Algar do Carvão reabre com acesso limitado

O Algar do Carvão, um dos mais emblemáticos monumentos naturais da ilha Terceira, prepara-se para reabrir ao público, ainda que com várias restrições.

Encerrado desde outubro de 2024 por razões de segurança, o espaço entra agora numa fase de reabertura controlada, acompanhando a fase final das obras em curso.

Segundo a Associação Os Montanheiros, entidade responsável pela gestão do local, as visitas serão retomadas durante quatro dias por semana até ao final deste mês. A partir de abril e até setembro, período que coincide com a época alta do turismo, o acesso passará a ser diário.

Apesar da reabertura, as condições de visitação continuam bastante limitadas. O Centro de Visitantes permanece encerrado, o que implica a ausência de infraestruturas de apoio, como abrigo ou zonas de descanso para os visitantes. Ainda assim, será possível aceder ao interior da gruta num horário reduzido, entre as 14h30 e as 17h00.

De acordo com a mesma associação, o modelo de visita foi adaptado às circunstâncias atuais. A compra de bilhetes será feita numa bilheteira improvisada no exterior do local, sendo o custo fixado em dez euros por visitante. Após a aquisição do ingresso, os visitantes poderão descer ao interior do algar, mas com uma duração máxima de permanência de 30 minutos.

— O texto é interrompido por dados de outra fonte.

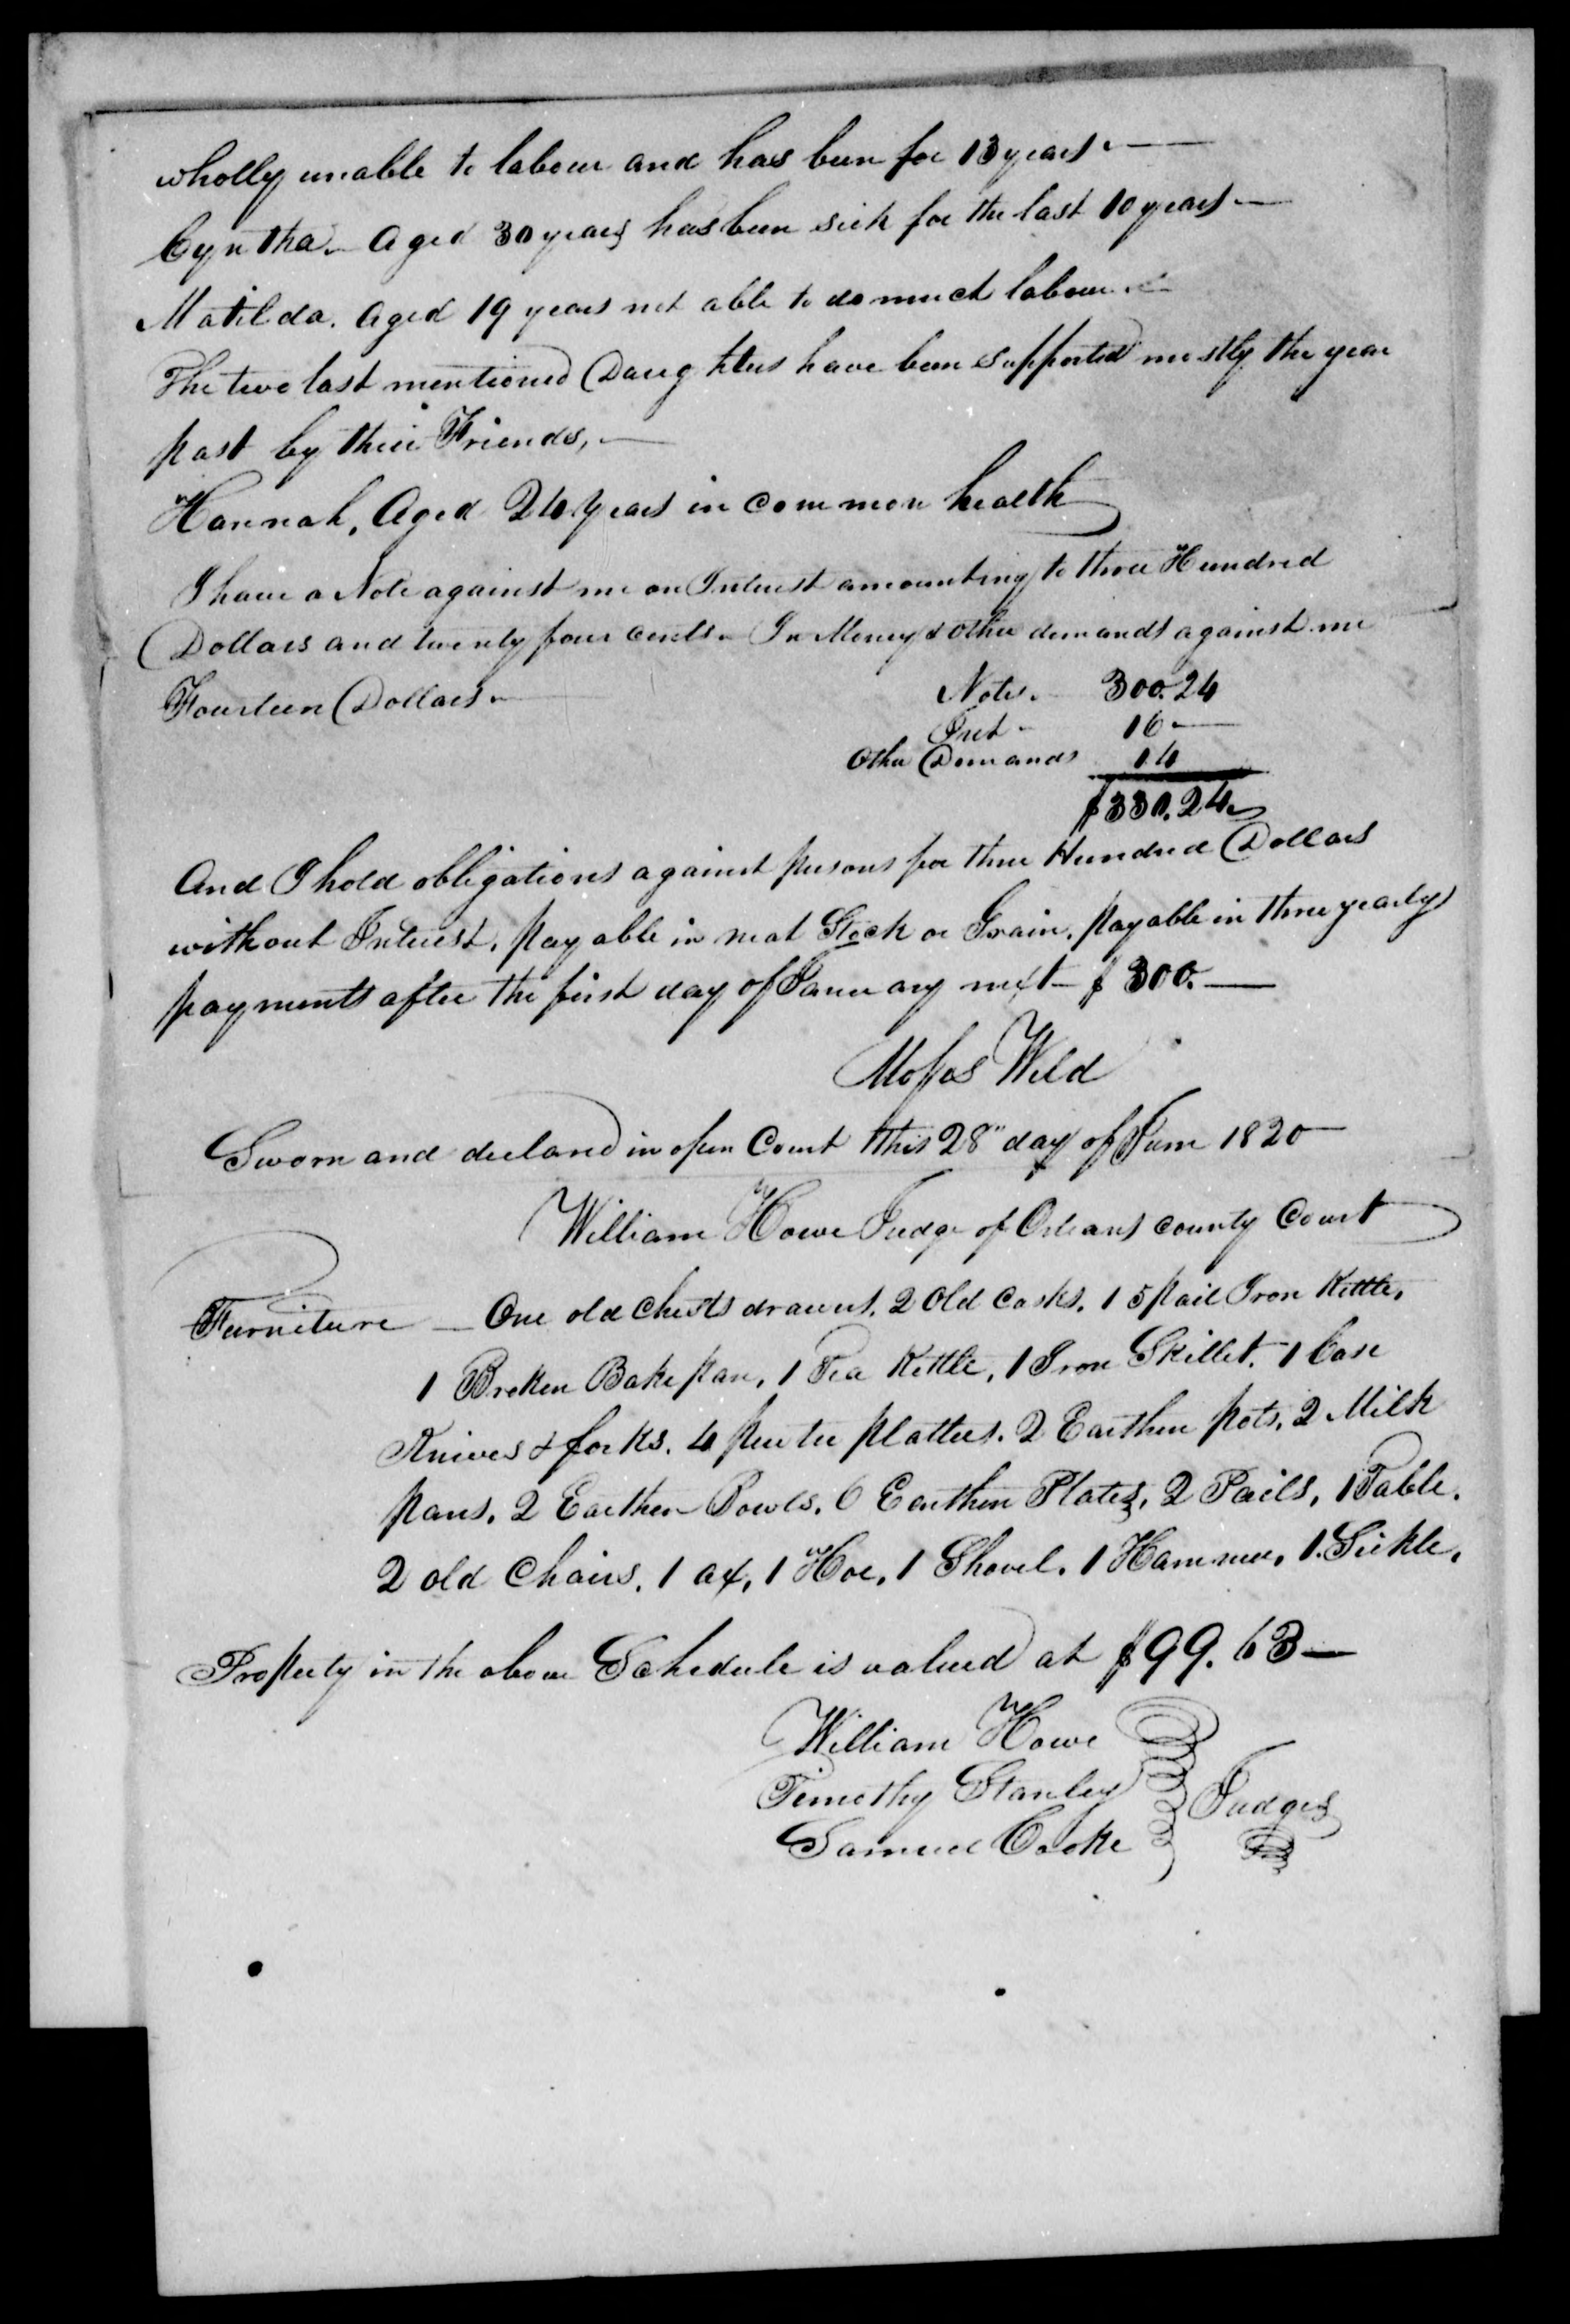wholly unable to labor and has been for 13 years -
Cynthia aged 30 years has been sick for the last 10 years -
Matilda aged 19 years not able to do much labor -
The two last mentioned daughters have been supported mostly the year past by their Friends-
Hannah, aged 24 years in common health
I have a Note against me and Interest amounting to Three Hundred
Dollars and twenty four cents. In Money & other demands against me Fourteen Dollars
Note - - - 300.24
[?] - - - 16
Other Demands - - - 14
[Sum] - - - 330.24
and I hold obligations against persons for Three Hundred without Interest payable in at stock or Grain, payable in three yearly payments after the first day of January next - $300 -
Moses Weld

Sworn and declared in open Court this 28" day of June 1820
William Howe Judge of Orleans County Court
Furniture --
One old chest drawers, 2 Old Casks, 1 5-pail Iron Kettle, Broken Bake pan, 1 Tea Kettle, 1 Iron Skillet 1 Case Knives & forks, 4 pewter platters, 2 Earthen pots, 2 Milk pans, 2 Earthen Bowls, 6 Earthen Plates. 2 Pails, 1 Table,
2 old chairs, 1 ax, 1 Hoe, 1 Shovel 1 Hammer, 1 Sickle,
Property in the above Schedule is valued at $99.63
Judges:
William Howe
Timothy Stanley 
Samuel Cooke

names: Moses Weld, Samuel Cooke, Timothy Stanley, William Howe, Hannah
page: 86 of 87
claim: widow's
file: W. 25,966, Moses Weld, Mass.

Estas medidas visam garantir a segurança dos visitantes numa fase em que as intervenções ainda não estão totalmente concluídas. A reabertura parcial permite, ao mesmo tempo, retomar a atividade turística de forma gradual e controlada.

O Algar do Carvão destaca-se pela sua origem vulcânica e pela possibilidade rara de visitar o interior de uma chaminé vulcânica. No seu interior, os visitantes podem observar formações geológicas únicas, como estalactites siliciosas e um lago subterrâneo, que tornam este local um dos principais pontos de interesse natural dos Açores.

A reabertura, ainda que condicionada, representa um sinal positivo para o setor turístico local, que vê neste espaço um importante atrativo para visitantes nacionais e estrangeiros.

O primeiro relato de uma descida ao Algar do Carvão de que se tem conhecimento data de 26 de janeiro de 1893, com a utilização de uma corda, levada a cabo por Cândido Corvelo e José Luís Sequeira. Uma segunda descida foi efetuada por Didier Couto, em 1934, que elaborou o primeiro perfil do Algar, segundo Os Montanheiros.

Apenas a 18 de agosto de 1963 se deu início a descidas organizadas ao interior do Algar, por um grupo de entusiastas, que mais tarde se haviam de organizar numa associação denominada de "Os Montanheiros", com recurso a um sistema mais elaborado, lê-se no sítio da organização.

O Algar do Carvão é um sítio de interesse geológico, sendo um geossítio do Geoparque Açores e foi finalista no concurso de "7 Maravilhas Naturais de Portugal".